_EXERCISE INSTRUCTIONS_
Give back the lines of the entries below exactly as written, from the first line to the line holding "ཆགས་མེད་རྩ་ཚིག བསྙེན་པ་བཅས་གྲུབ་ནས། རྒྱན་བཀོད་ནི།", both included, with the pictures omitted.

Start of PROVIDED ENTRIES

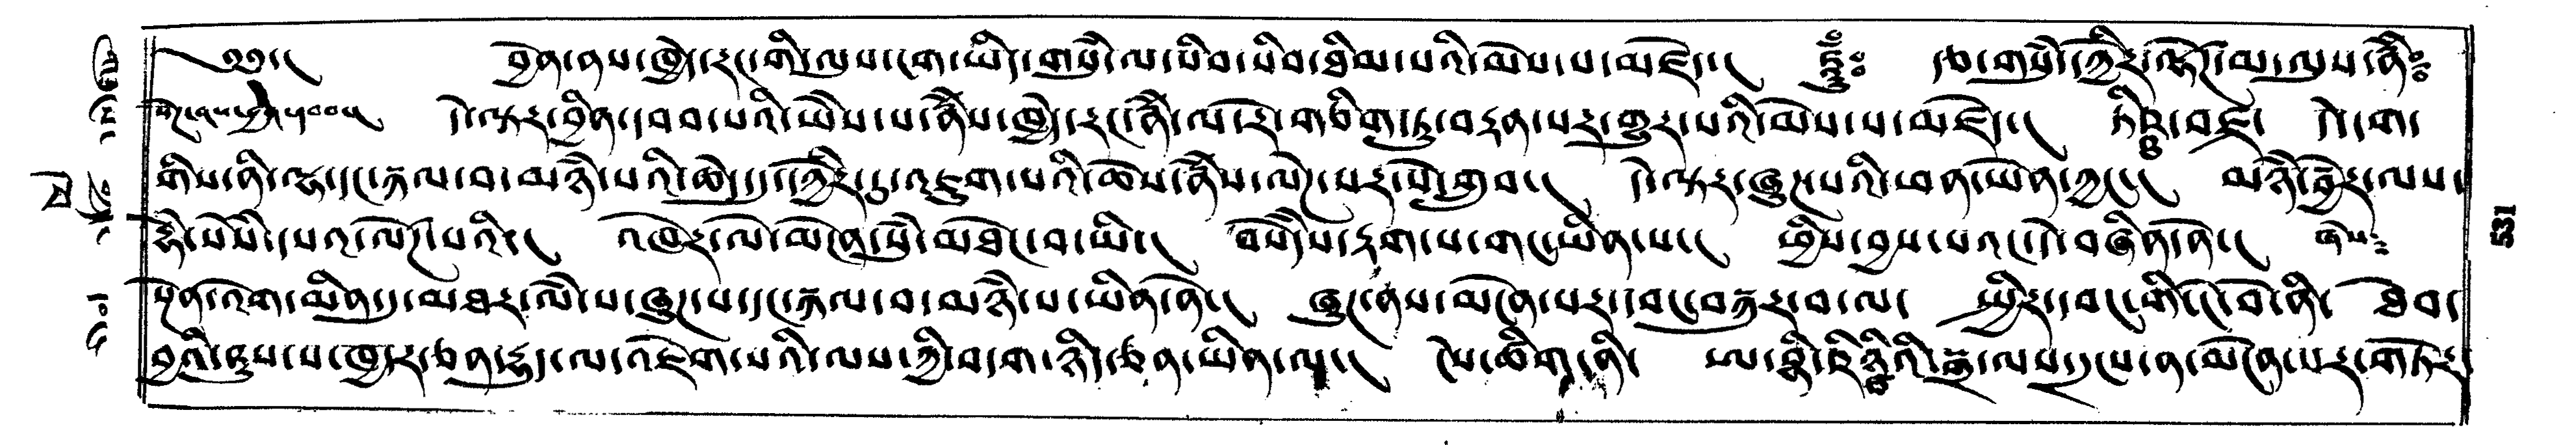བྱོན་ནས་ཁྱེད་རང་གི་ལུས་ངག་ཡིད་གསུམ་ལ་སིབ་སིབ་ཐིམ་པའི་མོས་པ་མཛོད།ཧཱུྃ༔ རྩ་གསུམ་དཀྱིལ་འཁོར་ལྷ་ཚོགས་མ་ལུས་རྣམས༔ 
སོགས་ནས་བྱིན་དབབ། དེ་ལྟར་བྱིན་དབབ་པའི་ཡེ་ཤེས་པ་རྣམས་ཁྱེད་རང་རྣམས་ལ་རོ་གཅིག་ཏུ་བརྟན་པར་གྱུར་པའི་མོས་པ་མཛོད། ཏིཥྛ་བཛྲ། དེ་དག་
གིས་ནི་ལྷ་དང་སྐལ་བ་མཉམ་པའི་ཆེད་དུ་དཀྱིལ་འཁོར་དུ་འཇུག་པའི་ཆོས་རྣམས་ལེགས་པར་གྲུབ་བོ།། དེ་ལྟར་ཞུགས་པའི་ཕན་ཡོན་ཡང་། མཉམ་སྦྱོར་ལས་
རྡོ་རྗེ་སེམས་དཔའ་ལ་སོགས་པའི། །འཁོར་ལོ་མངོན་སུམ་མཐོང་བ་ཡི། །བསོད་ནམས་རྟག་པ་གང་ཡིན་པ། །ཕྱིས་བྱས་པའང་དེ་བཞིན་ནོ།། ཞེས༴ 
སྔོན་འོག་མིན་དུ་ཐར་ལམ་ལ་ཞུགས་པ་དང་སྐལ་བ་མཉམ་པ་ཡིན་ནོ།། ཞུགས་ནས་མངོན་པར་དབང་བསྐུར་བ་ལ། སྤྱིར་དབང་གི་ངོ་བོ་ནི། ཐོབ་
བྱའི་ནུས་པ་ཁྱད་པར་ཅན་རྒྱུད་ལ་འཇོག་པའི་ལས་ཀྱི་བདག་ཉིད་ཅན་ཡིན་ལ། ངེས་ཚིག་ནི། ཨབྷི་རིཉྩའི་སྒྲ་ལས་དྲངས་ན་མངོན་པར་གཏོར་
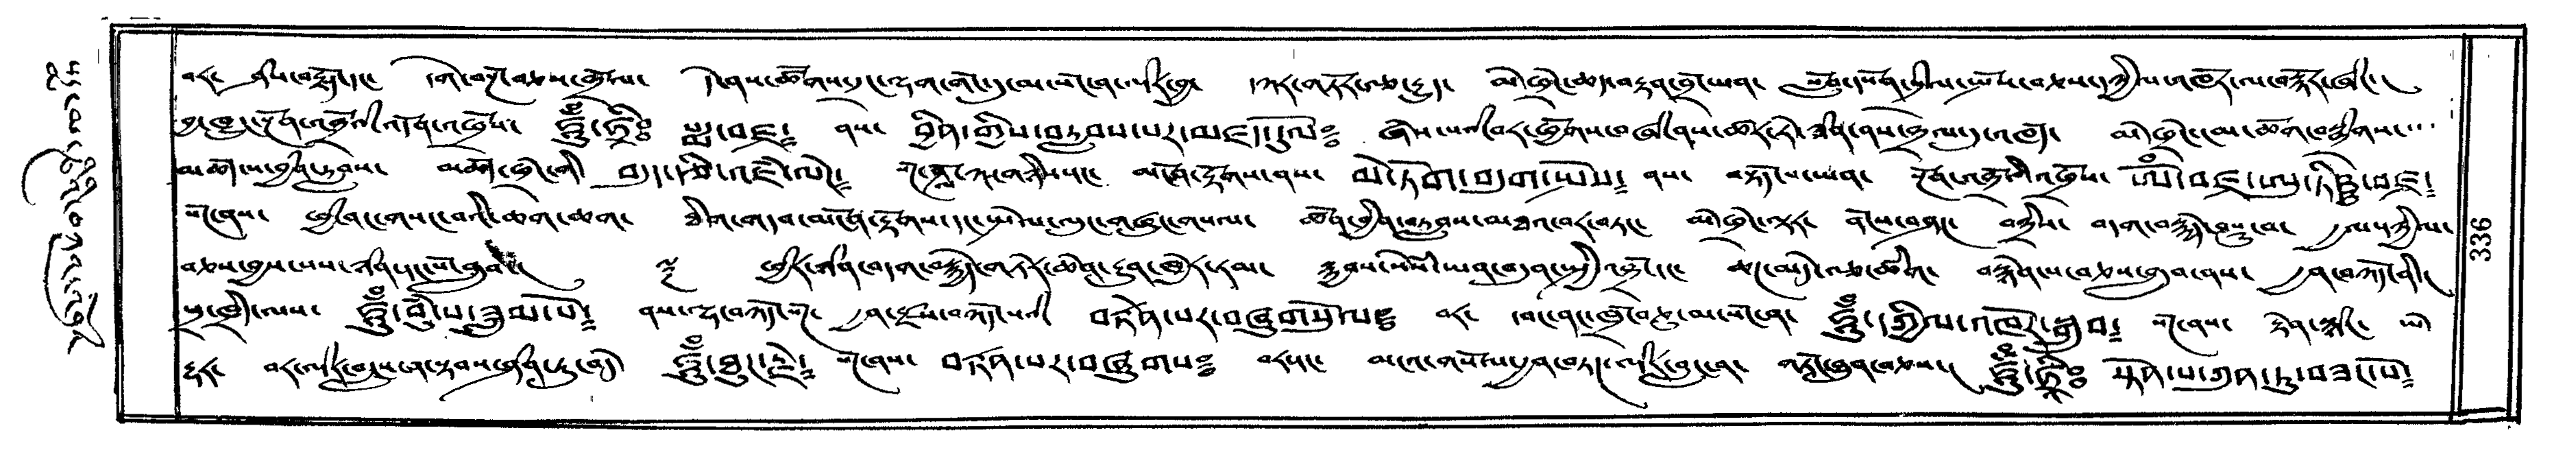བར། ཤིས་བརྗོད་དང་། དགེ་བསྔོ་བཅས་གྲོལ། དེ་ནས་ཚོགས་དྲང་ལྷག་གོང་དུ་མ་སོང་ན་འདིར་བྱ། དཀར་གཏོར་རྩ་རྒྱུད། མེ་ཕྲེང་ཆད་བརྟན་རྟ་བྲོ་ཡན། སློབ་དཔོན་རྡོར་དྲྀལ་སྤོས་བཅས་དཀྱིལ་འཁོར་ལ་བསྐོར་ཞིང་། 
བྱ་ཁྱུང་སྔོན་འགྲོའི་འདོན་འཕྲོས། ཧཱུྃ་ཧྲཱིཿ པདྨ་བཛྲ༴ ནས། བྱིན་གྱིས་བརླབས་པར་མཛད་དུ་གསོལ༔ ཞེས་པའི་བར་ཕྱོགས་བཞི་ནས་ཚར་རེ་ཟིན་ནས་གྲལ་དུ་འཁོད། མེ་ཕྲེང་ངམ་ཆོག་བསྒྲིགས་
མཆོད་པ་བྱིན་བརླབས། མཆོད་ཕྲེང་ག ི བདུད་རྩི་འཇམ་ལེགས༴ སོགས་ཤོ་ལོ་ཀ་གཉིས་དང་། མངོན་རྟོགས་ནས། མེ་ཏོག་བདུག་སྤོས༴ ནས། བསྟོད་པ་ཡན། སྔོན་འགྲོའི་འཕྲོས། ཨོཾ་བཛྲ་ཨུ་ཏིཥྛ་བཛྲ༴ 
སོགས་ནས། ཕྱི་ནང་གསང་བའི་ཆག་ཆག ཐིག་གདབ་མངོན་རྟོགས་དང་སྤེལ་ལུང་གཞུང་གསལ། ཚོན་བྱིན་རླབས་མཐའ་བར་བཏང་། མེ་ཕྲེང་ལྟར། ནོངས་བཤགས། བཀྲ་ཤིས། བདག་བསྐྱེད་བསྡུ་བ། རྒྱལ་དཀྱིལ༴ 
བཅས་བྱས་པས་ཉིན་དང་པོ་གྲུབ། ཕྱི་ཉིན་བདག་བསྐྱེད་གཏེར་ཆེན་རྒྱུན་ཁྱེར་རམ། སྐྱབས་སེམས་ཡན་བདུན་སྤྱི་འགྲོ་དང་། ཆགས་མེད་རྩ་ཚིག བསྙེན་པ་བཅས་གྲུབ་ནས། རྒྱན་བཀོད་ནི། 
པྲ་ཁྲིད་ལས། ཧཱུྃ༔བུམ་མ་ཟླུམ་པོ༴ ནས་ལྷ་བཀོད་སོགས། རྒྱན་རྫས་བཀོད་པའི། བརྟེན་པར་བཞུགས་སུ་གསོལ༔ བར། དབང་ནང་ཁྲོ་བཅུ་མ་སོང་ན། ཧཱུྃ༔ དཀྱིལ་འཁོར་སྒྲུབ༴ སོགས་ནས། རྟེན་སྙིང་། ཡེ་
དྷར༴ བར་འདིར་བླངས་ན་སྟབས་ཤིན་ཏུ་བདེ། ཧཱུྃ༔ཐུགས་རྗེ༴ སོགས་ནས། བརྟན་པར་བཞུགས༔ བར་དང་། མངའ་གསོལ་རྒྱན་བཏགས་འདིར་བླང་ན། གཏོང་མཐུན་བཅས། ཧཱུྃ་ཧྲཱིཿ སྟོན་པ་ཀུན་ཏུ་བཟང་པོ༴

End of PROVIDED ENTRIES

_SOLUTION FOR THIS PROBLEM_
བྱོན་ནས་ཁྱེད་རང་གི་ལུས་ངག་ཡིད་གསུམ་ལ་སིབ་སིབ་ཐིམ་པའི་མོས་པ་མཛོད།ཧཱུྃ༔ རྩ་གསུམ་དཀྱིལ་འཁོར་ལྷ་ཚོགས་མ་ལུས་རྣམས༔ 
སོགས་ནས་བྱིན་དབབ། དེ་ལྟར་བྱིན་དབབ་པའི་ཡེ་ཤེས་པ་རྣམས་ཁྱེད་རང་རྣམས་ལ་རོ་གཅིག་ཏུ་བརྟན་པར་གྱུར་པའི་མོས་པ་མཛོད། ཏིཥྛ་བཛྲ། དེ་དག་
གིས་ནི་ལྷ་དང་སྐལ་བ་མཉམ་པའི་ཆེད་དུ་དཀྱིལ་འཁོར་དུ་འཇུག་པའི་ཆོས་རྣམས་ལེགས་པར་གྲུབ་བོ།། དེ་ལྟར་ཞུགས་པའི་ཕན་ཡོན་ཡང་། མཉམ་སྦྱོར་ལས་
རྡོ་རྗེ་སེམས་དཔའ་ལ་སོགས་པའི། །འཁོར་ལོ་མངོན་སུམ་མཐོང་བ་ཡི། །བསོད་ནམས་རྟག་པ་གང་ཡིན་པ། །ཕྱིས་བྱས་པའང་དེ་བཞིན་ནོ།། ཞེས༴ 
སྔོན་འོག་མིན་དུ་ཐར་ལམ་ལ་ཞུགས་པ་དང་སྐལ་བ་མཉམ་པ་ཡིན་ནོ།། ཞུགས་ནས་མངོན་པར་དབང་བསྐུར་བ་ལ། སྤྱིར་དབང་གི་ངོ་བོ་ནི། ཐོབ་
བྱའི་ནུས་པ་ཁྱད་པར་ཅན་རྒྱུད་ལ་འཇོག་པའི་ལས་ཀྱི་བདག་ཉིད་ཅན་ཡིན་ལ། ངེས་ཚིག་ནི། ཨབྷི་རིཉྩའི་སྒྲ་ལས་དྲངས་ན་མངོན་པར་གཏོར་
བར། ཤིས་བརྗོད་དང་། དགེ་བསྔོ་བཅས་གྲོལ། དེ་ནས་ཚོགས་དྲང་ལྷག་གོང་དུ་མ་སོང་ན་འདིར་བྱ། དཀར་གཏོར་རྩ་རྒྱུད། མེ་ཕྲེང་ཆད་བརྟན་རྟ་བྲོ་ཡན། སློབ་དཔོན་རྡོར་དྲྀལ་སྤོས་བཅས་དཀྱིལ་འཁོར་ལ་བསྐོར་ཞིང་། 
བྱ་ཁྱུང་སྔོན་འགྲོའི་འདོན་འཕྲོས། ཧཱུྃ་ཧྲཱིཿ པདྨ་བཛྲ༴ ནས། བྱིན་གྱིས་བརླབས་པར་མཛད་དུ་གསོལ༔ ཞེས་པའི་བར་ཕྱོགས་བཞི་ནས་ཚར་རེ་ཟིན་ནས་གྲལ་དུ་འཁོད། མེ་ཕྲེང་ངམ་ཆོག་བསྒྲིགས་
མཆོད་པ་བྱིན་བརླབས། མཆོད་ཕྲེང་ག ི བདུད་རྩི་འཇམ་ལེགས༴ སོགས་ཤོ་ལོ་ཀ་གཉིས་དང་། མངོན་རྟོགས་ནས། མེ་ཏོག་བདུག་སྤོས༴ ནས། བསྟོད་པ་ཡན། སྔོན་འགྲོའི་འཕྲོས། ཨོཾ་བཛྲ་ཨུ་ཏིཥྛ་བཛྲ༴ 
སོགས་ནས། ཕྱི་ནང་གསང་བའི་ཆག་ཆག ཐིག་གདབ་མངོན་རྟོགས་དང་སྤེལ་ལུང་གཞུང་གསལ། ཚོན་བྱིན་རླབས་མཐའ་བར་བཏང་། མེ་ཕྲེང་ལྟར། ནོངས་བཤགས། བཀྲ་ཤིས། བདག་བསྐྱེད་བསྡུ་བ། རྒྱལ་དཀྱིལ༴ 
བཅས་བྱས་པས་ཉིན་དང་པོ་གྲུབ། ཕྱི་ཉིན་བདག་བསྐྱེད་གཏེར་ཆེན་རྒྱུན་ཁྱེར་རམ། སྐྱབས་སེམས་ཡན་བདུན་སྤྱི་འགྲོ་དང་། ཆགས་མེད་རྩ་ཚིག བསྙེན་པ་བཅས་གྲུབ་ནས། རྒྱན་བཀོད་ནི། 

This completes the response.